Dat geldt niet voor de brandgans, die lang mijn favoriete gans was, met de mooie combinatie van wit, grijs en zwart in haar verenkleed – mijn boezemvriendin vond dat de vogel zo goed gedesigned was dat hij perfect in haar interieur zou passen. Ik las dat de brandgans op weg is om de kolgans in Nederland als algemeenste gans naar de kroon te steken: de brandganspopulatie blijft toenemen, die van de kolgans is stabiel. Maar het zijn zulke eikels die constant andere dieren lastig vallen dat ze soms op mijn zenuwen werken. En ze zijn niet echt wild meer.

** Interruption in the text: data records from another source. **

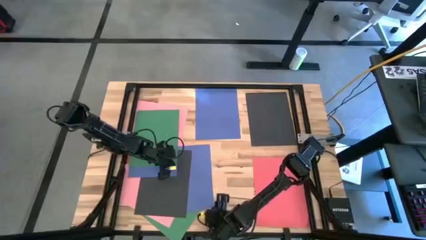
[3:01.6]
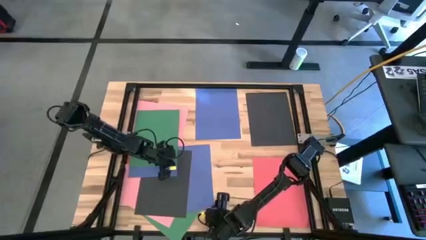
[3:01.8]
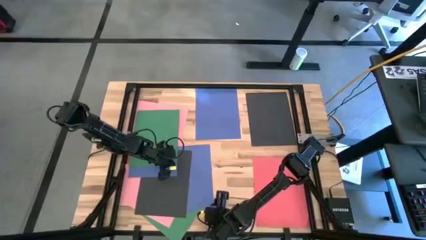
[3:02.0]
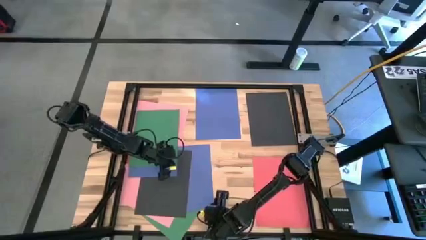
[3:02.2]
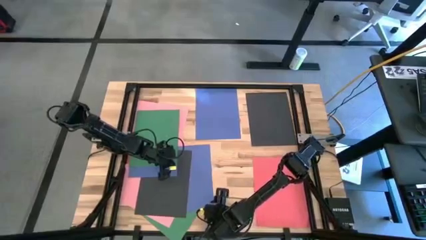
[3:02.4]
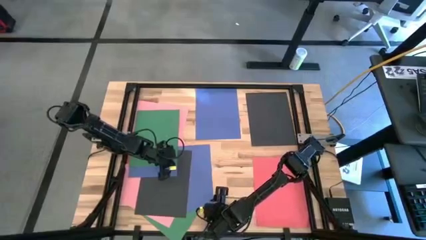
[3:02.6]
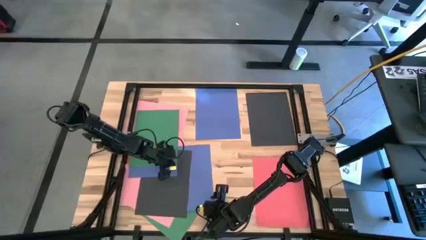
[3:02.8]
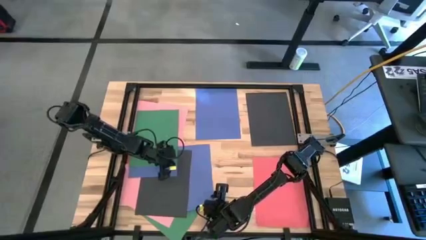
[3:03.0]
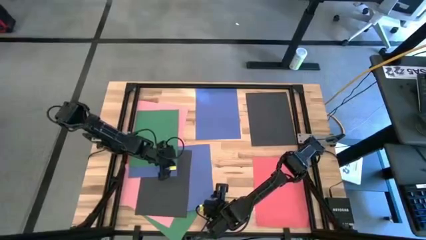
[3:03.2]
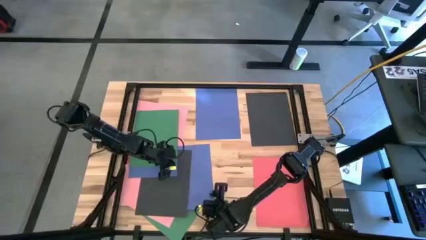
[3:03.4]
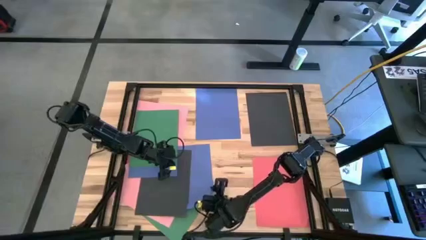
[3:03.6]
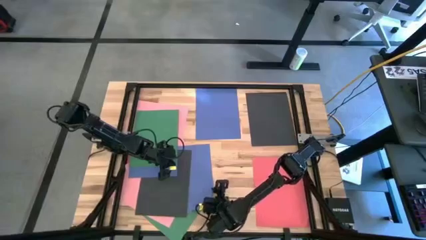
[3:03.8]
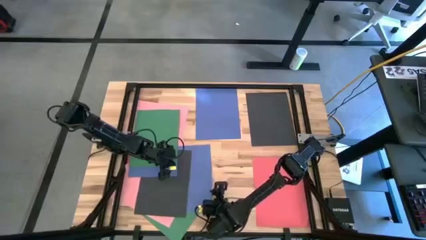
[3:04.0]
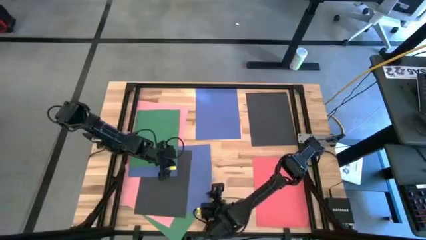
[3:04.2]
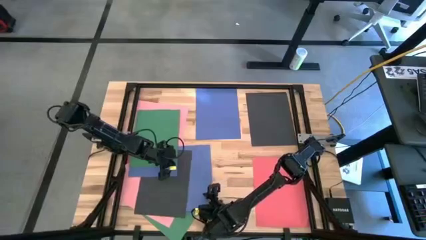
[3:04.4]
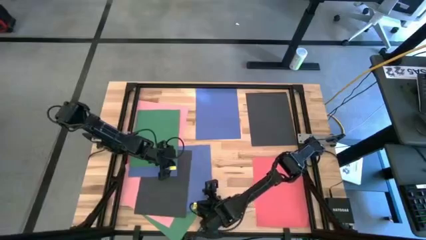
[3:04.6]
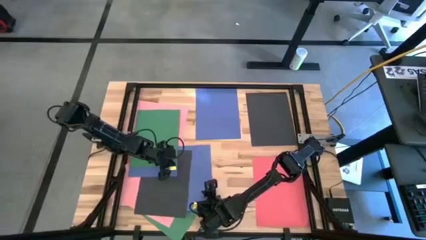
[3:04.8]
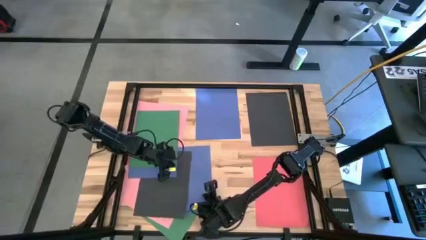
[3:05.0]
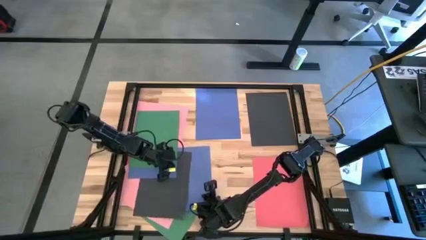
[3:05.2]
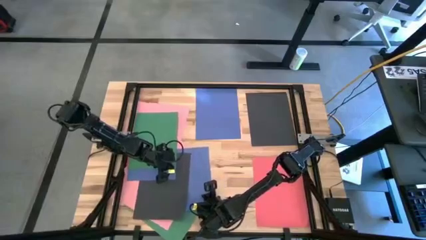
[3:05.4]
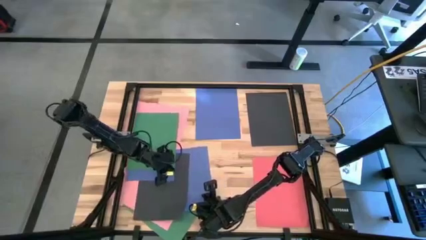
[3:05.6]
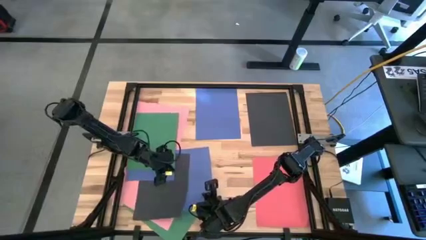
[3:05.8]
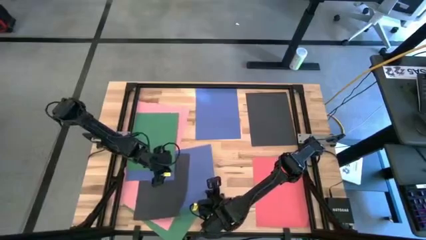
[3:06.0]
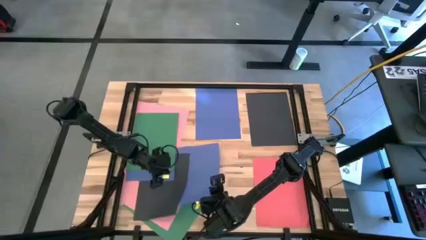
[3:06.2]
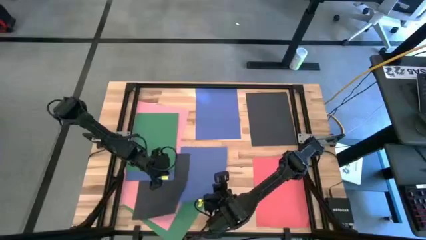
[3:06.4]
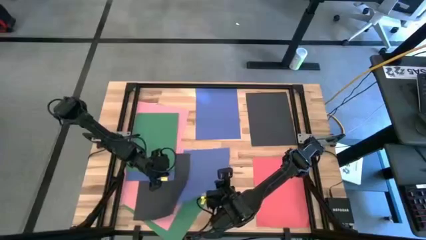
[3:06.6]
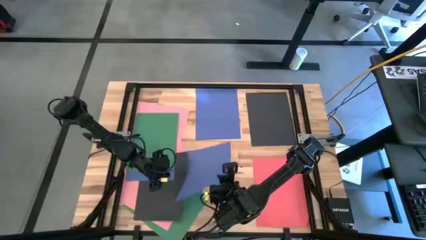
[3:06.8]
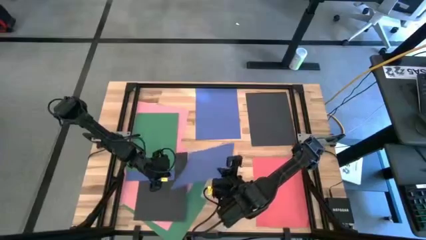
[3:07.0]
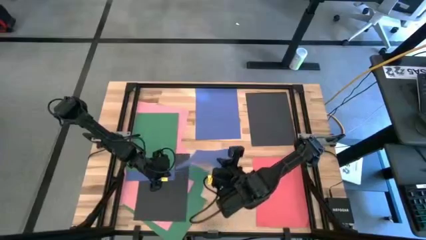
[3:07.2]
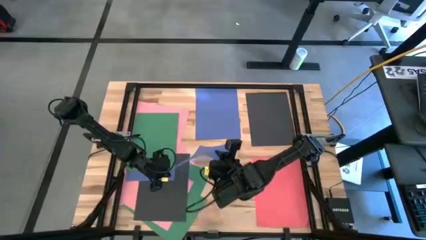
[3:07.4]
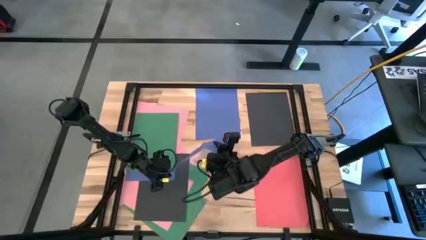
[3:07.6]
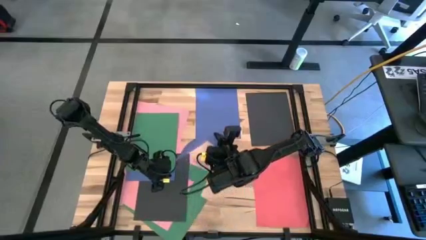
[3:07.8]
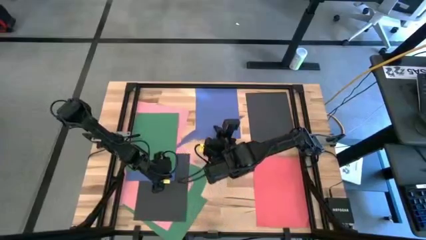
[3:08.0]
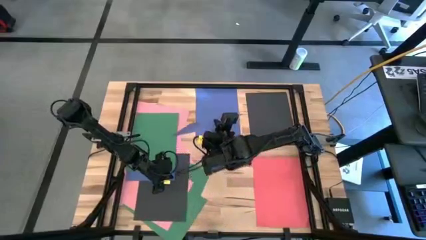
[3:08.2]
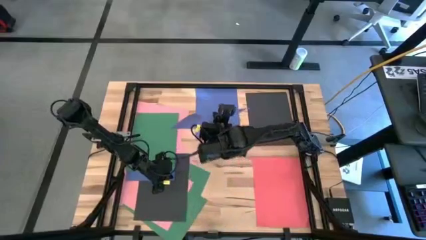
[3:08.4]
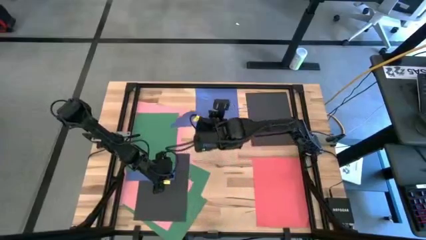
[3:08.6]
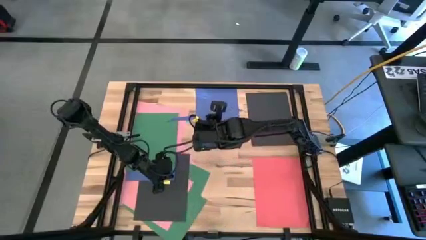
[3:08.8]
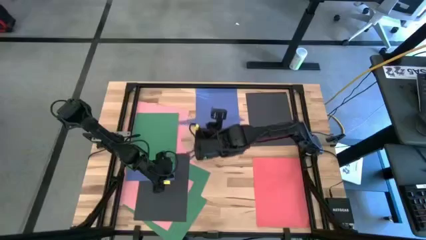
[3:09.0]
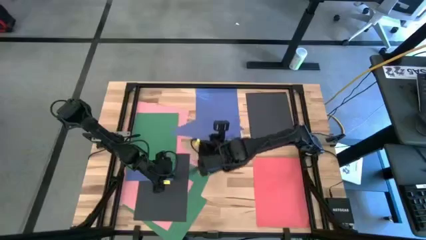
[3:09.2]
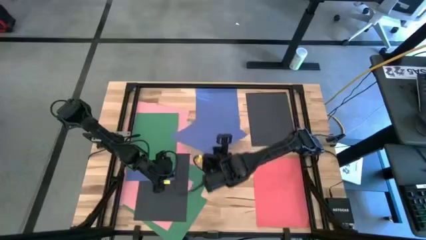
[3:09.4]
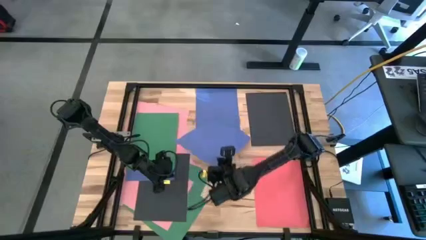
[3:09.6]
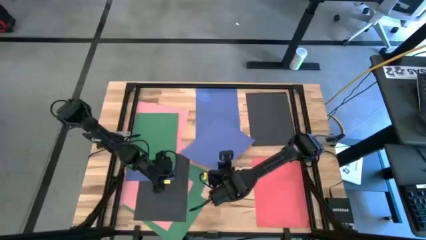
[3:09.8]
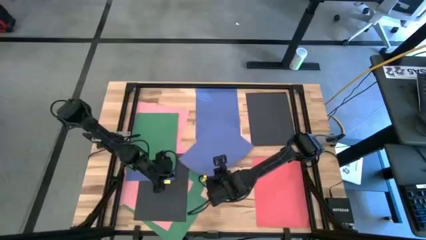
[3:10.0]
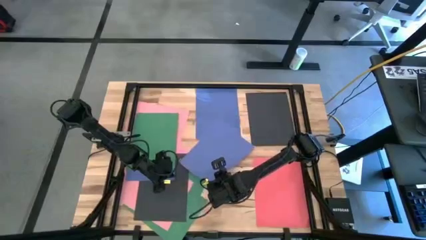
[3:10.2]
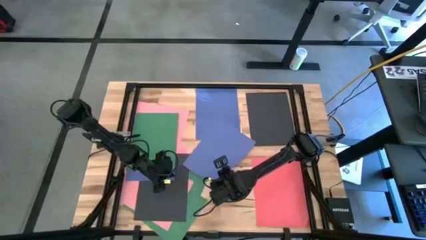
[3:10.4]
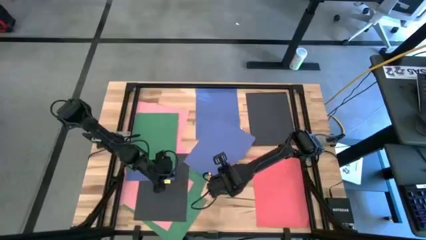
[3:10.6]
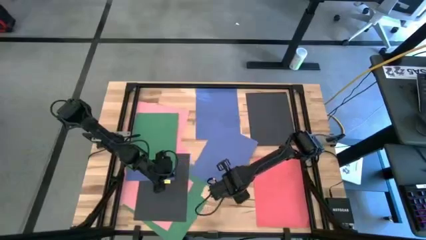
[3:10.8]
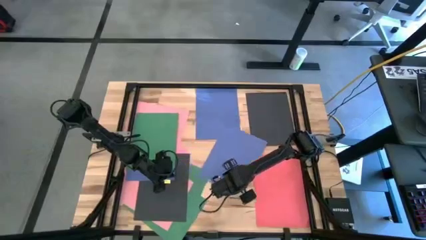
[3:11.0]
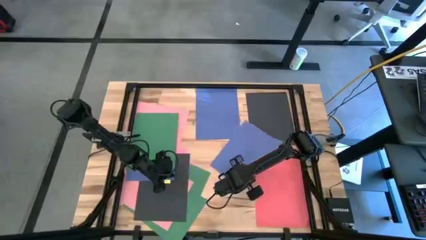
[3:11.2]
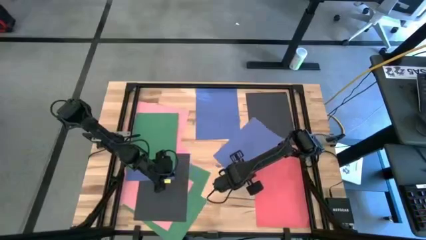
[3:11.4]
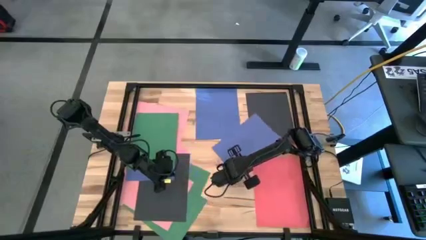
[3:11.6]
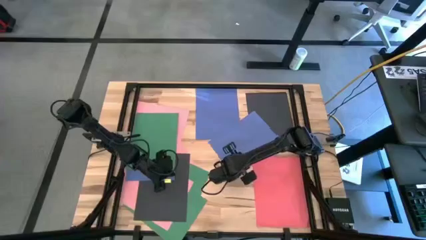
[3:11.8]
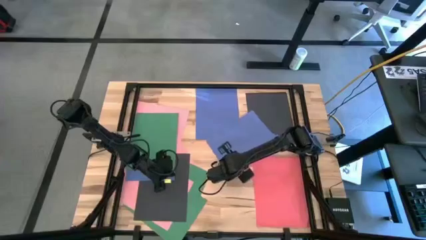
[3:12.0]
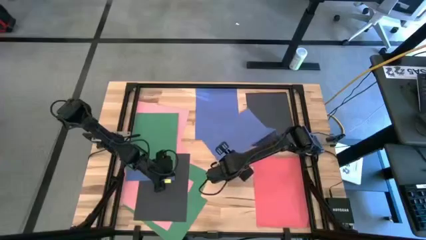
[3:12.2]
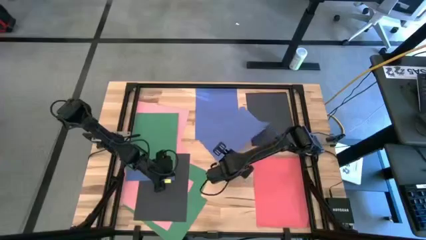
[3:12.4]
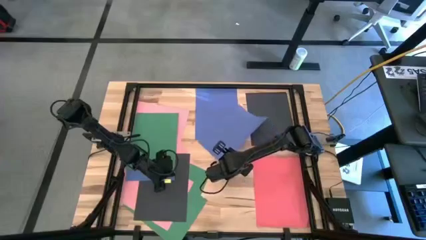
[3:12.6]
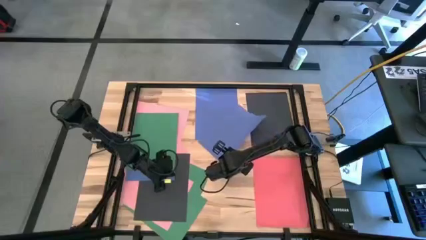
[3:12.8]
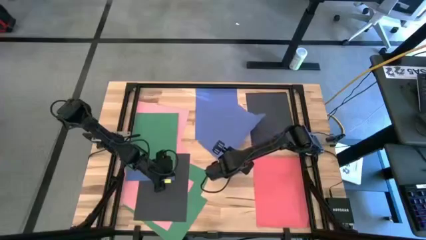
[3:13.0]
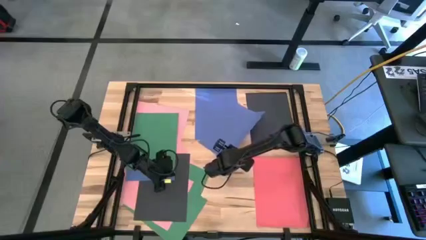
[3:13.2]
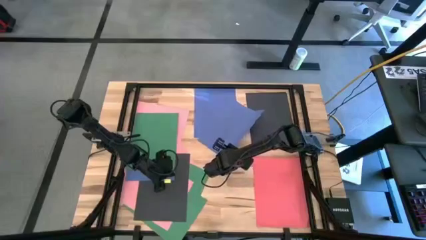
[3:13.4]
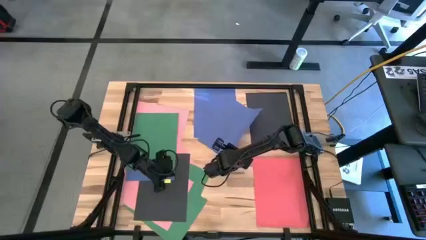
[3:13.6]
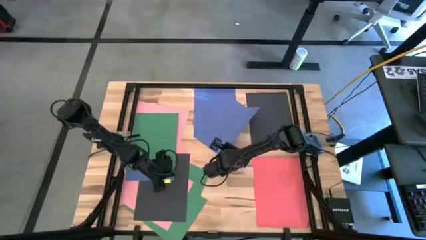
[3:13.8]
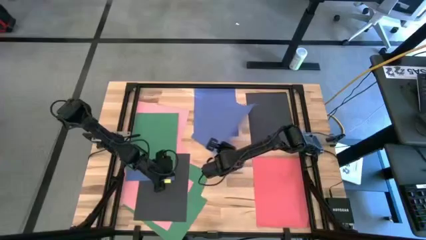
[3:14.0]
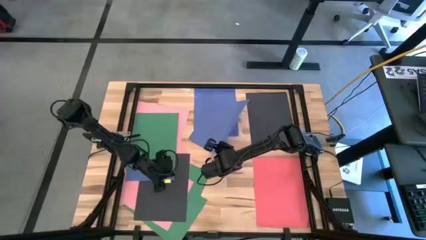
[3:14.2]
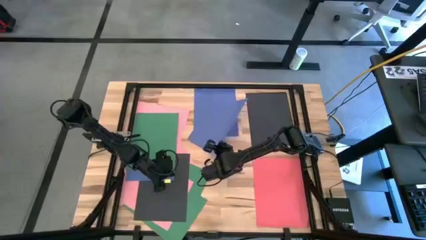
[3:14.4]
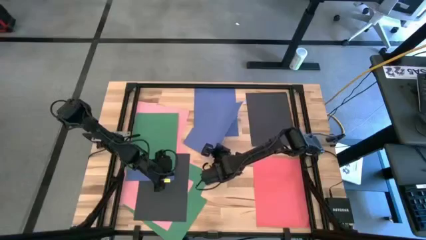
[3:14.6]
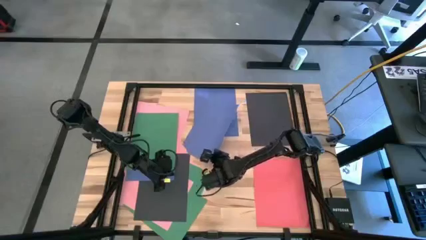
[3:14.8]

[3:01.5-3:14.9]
Task: Organize paper
Stack the blue paper on top of the other blue paper on the table

Dat weet ik, omdat ik al wel kleurringen van brandganzen kon aflezen, allemaal dieren die in Zeeland waren geringd, maar die een weinig avontuurlijk leven hadden geleid: ze werden uitsluitend in dezelfde omgeving gezien, in alle seizoenen. In feite waren mijn observaties het spectaculairste wat ze gedaan hadden, want ze hadden een landsgrens overgestoken, weliswaar met slechts een kilometer.
Een aantal van de brandganzen was samen geringd, want hun ringnummers (witte cijfers op een rode ring) volgden elkaar op. Het duurde wat voor ik hún herkomst kon vinden, maar een ganzenexpert zette me op het goede spoor, richting een volkspark met minigolf in Sterkrade-Oberhausen in het Duitse Ruhrgebied. Er leefde een 40-tal brandganzen, waarvan de jongen bijna allemaal geringd werden. De deskundige mailde me dat de vogels in het najaar wel wat zwierven, maar mijn waarnemingen waren de eerste zo ver weg van huis. De Duitse parkganzen leken ondernemender dan de Zeeuwse zomerganzen.
Helaas, driewerf helaas, zelfs mooie vogelverhalen zijn niet altijd waar. Mijn wetenschappelijke euforie kreeg een knauw toen ik vernam dat de roodgeringde brandganzen helemaal niet uit het Ruhrgebied kwamen, maar uit drie Vlaamse parken, waar ze met hetzelfde type ringen gemerkt werden als in Duitsland. De parken lagen in vogelvlucht 30, 50 en 70 kilometer van mijn woonst. Zo werd het verhaal toch een variant van dat van de zomerganzen uit Zeeland. Het leek er wel op dat diverse parkvogelpopulaties zich in de nazomer mengden en zich wat als wilde ganzen gingen gedragen. Het moeizaam verkregen gegeven verwierf op die manier toch iets meer dan een anekdotische betekenis. Maar écht blij maakte het me niet. Geef mij maar de moedige kolganzen uit het verre Siberië.